Prof. Dr. Mustafa Sarı, bu yılki balık avı sezonunu değerlendirerek av yasağı döneminde yapılması gerekenleri anlattı. Sürdürülebilir balıkçılığa geçilmesinin önemine işaret eden Prof. Sarı, Karadeniz ve Ege Denizi’nden balıkların Marmara’ya rahatlıkla geçebilmesi için, boğazlar ve boğaz çevresinin bir bölümünün balık avcılığına kapatılması gerektiğini kaydetti.

Prof. Dr. Sarı, “Denizlerimiz yemini, suyunu, ilacını vermediğimiz bir gelir kaynağı. Yani balıklar var denizde, biz ağımızı atıp avlıyoruz. Bu kaynakları kaybetmek üzereyiz. Sürdürülebilir balıkçılık prensiplerine göre balıkçılık yapmamız gerekiyor. Bunun için de Marmara’dan başlamamız gerekiyor. Çünkü Marmara hem Karadeniz’i besliyor hem Ege’yi besliyor. Karadeniz’deki balıkların önemli bir kısmı da Marmara’da ya kışlama yapıyor ya üreme yapıyor ya geçiş yapıyor. Yani Marmara hem Karadeniz’deki birçok balık türü için hem de Ege’deki birçok balık türü için hayatının bir dönemini geçirdiği bir alan. Müsilaj çok ciddi bir tehdit olarak karşımıza çıktı. Bizim geçen yıl avcılık sezonu açılmadan müsilajı dikkate alarak avcılığı düzenlememiz gerekiyordu, düzenlemedik. Küçük düzenlemeler yaptık ve 22 maddelik Marmara Denizi Koruma Eylem Planı’nın 19’uncu eylemi sürdürülebilir balıkçılığa, ekosistem esaslı balıkçılığa geçilmesi, bunun için koruma alanları oluşturulmasıydı. Sadece Marmara’dan avlanan hamsi, istavrit, sardalya gibi balıkların küçük boyda olanlarının dökme olarak balık unu, balık yağı fabrikalarına satışına bir yasak getirdik. Çanakkale Boğazı’nda çok küçük bir mercan alanını avcılığa karşı koruma alanı ilan ettik. Bununla mı sağlayacağız Marmara Denizinde sürdürülebilir balıkçılığı? Sağlayamayız. Bunun için yapmamız gereken şey boğazları açacağız. Boğazlar şu anda her türlü avcılığa kapatılması gereken alanlar. Balık rahatça Marmara Denizine girmeli çıkmalı. Balık rahatça İstanbul Boğazından Çanakkale Boğazı'ndan rahatça girip çıkmalı. Buraları her türlü avcılık faaliyetine yasak alan ilan etmemiz gerekiyor. Boğazların girişinden itibaren belirli bir mesafeyi de dikkate alarak yapmamız gerekiyor” dedi.
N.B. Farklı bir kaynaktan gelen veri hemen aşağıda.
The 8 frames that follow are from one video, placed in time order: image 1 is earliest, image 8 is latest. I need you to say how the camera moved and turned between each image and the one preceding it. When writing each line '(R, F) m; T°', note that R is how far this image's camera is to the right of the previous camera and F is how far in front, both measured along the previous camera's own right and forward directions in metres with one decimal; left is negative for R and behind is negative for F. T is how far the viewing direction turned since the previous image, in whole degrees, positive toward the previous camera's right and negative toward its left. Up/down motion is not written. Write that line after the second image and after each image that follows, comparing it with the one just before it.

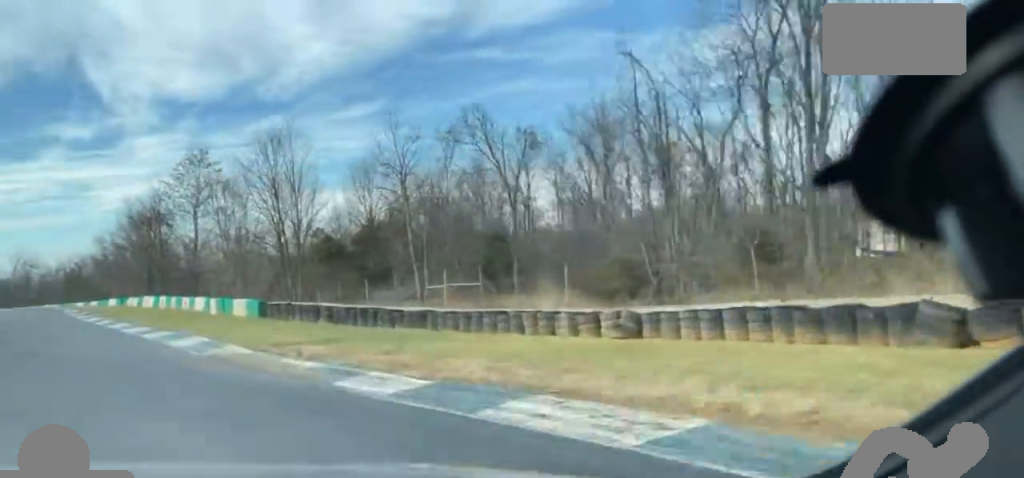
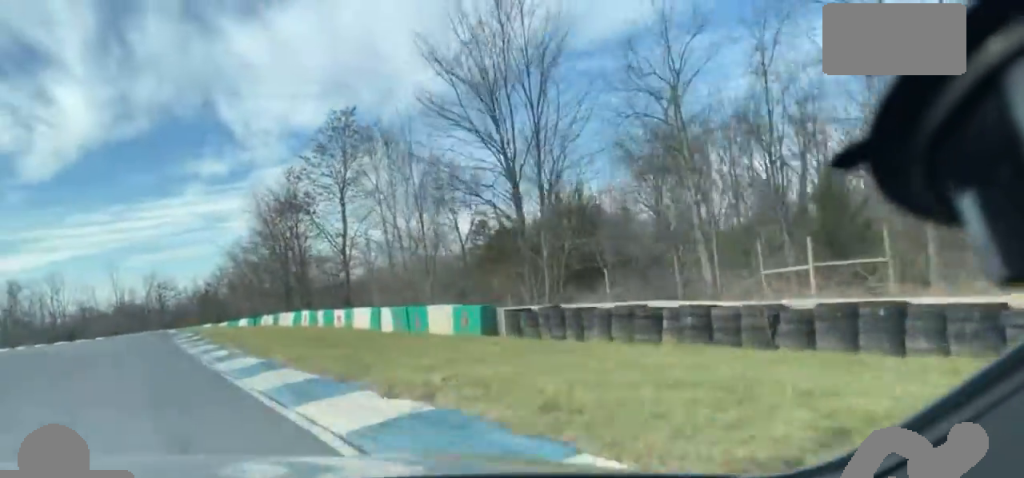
(-1.9, +22.9) m; -8°
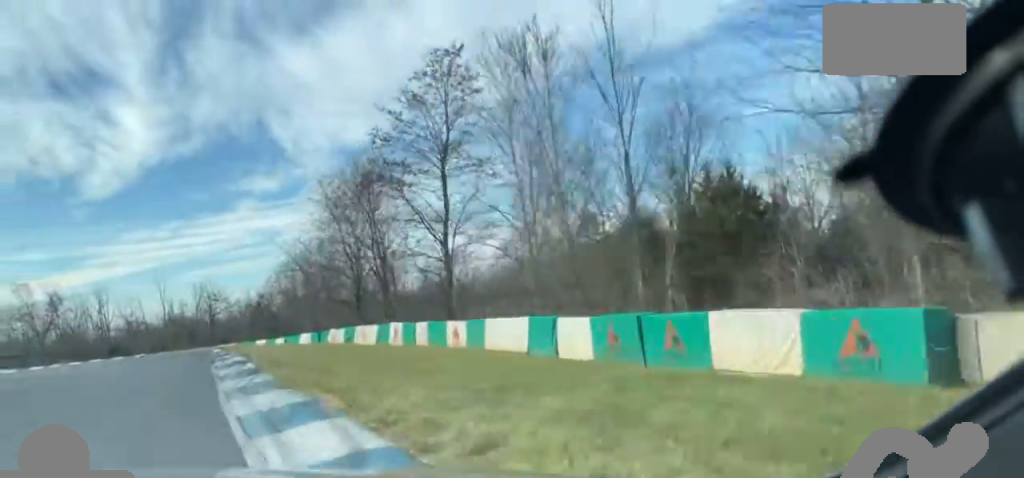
(-0.2, +14.6) m; -3°
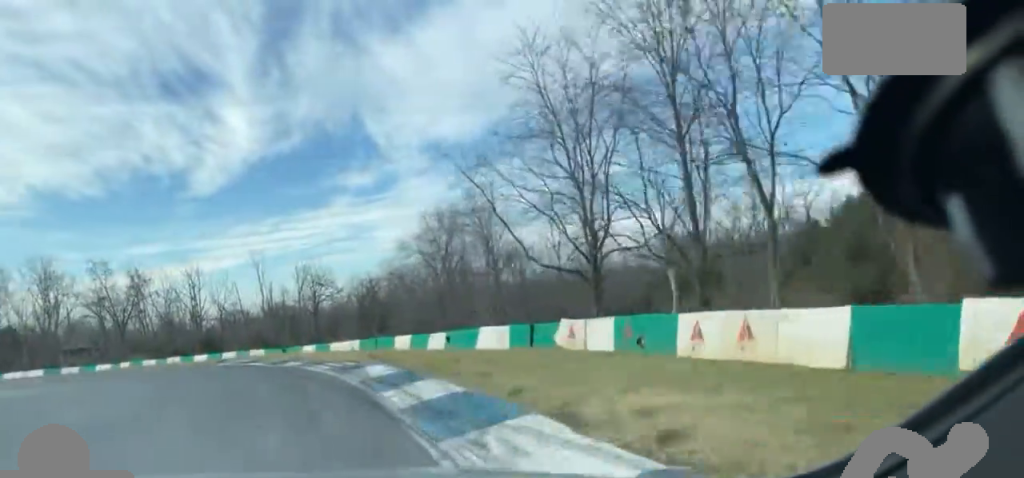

‘SAVAŞ GEMİSİ GİBİ BALIKÇI GEMİLERİMİZ VAR’

Marmara Denizi gibi küçük bir denizde, büyük gemilerle avcılık yapılmaması gerektiğine de dikkat çeken Sarı, sürdürülebilir balıkçılığa geçilmediği takdirde balık kaynaklarının kaybedileceğine işaret etti. Prof. Dr. Sarı sürdürülebilir balıkçılık için gerekli kararların bir an önce alınması gerektiğini belirterek şunları söyledi: 

“Marmara Denizinde müsilaj bize çok şey öğretmiş olmalı Bu boyuttaki teknelerle Marmara Denizi gibi küçük bir denizde avcılık yapmamalıyız. Savaş gemisi gibi gemilerimiz var. Bunları açık denize, daha başka balık stoklarında avcılık yapmaya yönlendirmemiz gerekiyor. Dolayısıyla sürdürülebilir balıkçılığı Marmara’dan başlatıp Karadeniz, Ege ve Akdeniz’de benzer uygulamalarla devam ettirmemiz gerekiyor. Eğer bunu yaparsak önümüzdeki yıllarda bol balık avlamaya, toplumumuzu balıkla beslemeye devam edeceğiz. Aksi takdirde kaynaklarımızı kaybedeceğiz. Peki, o zamana bu kadar büyük tekneyi, balıkçılık sektörünü ne yapacağız? Domates satar gibi gemi makinesi satıyorlar balıkçı köylerinde. En ucuzu 1 milyon olan gemi makinelerini TIR dorselerinde gezdiriyorlar balıkçı limanlarında. Peki, biz neredeyiz? Makineler bu kadar büyürken bizim balıkçıyı uyarmamız gerekmiyor muydu? Bakın işte şimdi mazot fiyatları yükselince balıkçı karlılığını kaybetti. Mazot parasını çıkaramadı birçoğu. Önümüzdeki sezon için bu bize bir uyarı olmalı. 1 Eylül’e çok zaman var gibi gözüküyor ama zaman çok hızlı geçer. Çok hızlı bir şekilde balıkçılığımızı ekosistem esaslı balıkçılığa geçirmemiz gerekiyor. Bununla ilgili kararları almamız gerekiyor.”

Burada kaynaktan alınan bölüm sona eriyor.